The second step is to iteratively partition the kNN graph into “cliques” or clusters using the Louvain modularity optimization algorithm (for the default parameters), with the “granularity” of the clusters set by a resolution parameter (Satija Lab tutorial).

Image: K-means clustering example (from Cambridge Bioinformatics course)

We’ll use the FindClusters() function, selecting a resolution of 0.4 to start, although we could also add other resolutions at this stage to look at in later steps. See Waltman and Jan van Eck (2013) for the underlying algorithms.

Again, how a “cell type” or “subtype” should be defined for your data is important to consider in selecting a resolution - we’d start with a higher resolution for smaller/more rare clusters and a lower resolution for larger/more general clusters.
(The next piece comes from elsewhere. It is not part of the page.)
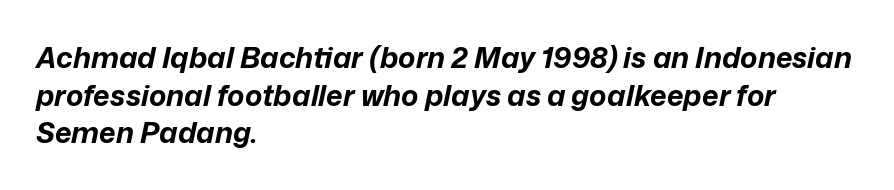
{"italic": "yes", "lean": "right", "slant_degrees": 12, "bold": "yes", "weight": "bold", "width": "normal", "stroke_contrast": "low", "x_height": "medium", "monospaced": "no", "underline": "no", "align": "left", "line_spacing": "normal", "line_spacing_ratio": 1.3, "letter_spacing": "normal", "letter_spacing_em": 0.0, "glyph_px": 29}

Then, when we look at the meta data we should see that cluster labels have been added for each cell:

# =========================================================================
# Clustering and Projection
# =========================================================================

# Create KNN graph for PCs with `FindNeighbors()`
geo_so = FindNeighbors(geo_so, dims = 1:pcs, reduction = 'integrated.sct.rpca')

# Then generate clusters
geo_so = FindClusters(geo_so,
                      resolution = 0.4,
                      cluster.name = 'integrated.sct.rpca.clusters')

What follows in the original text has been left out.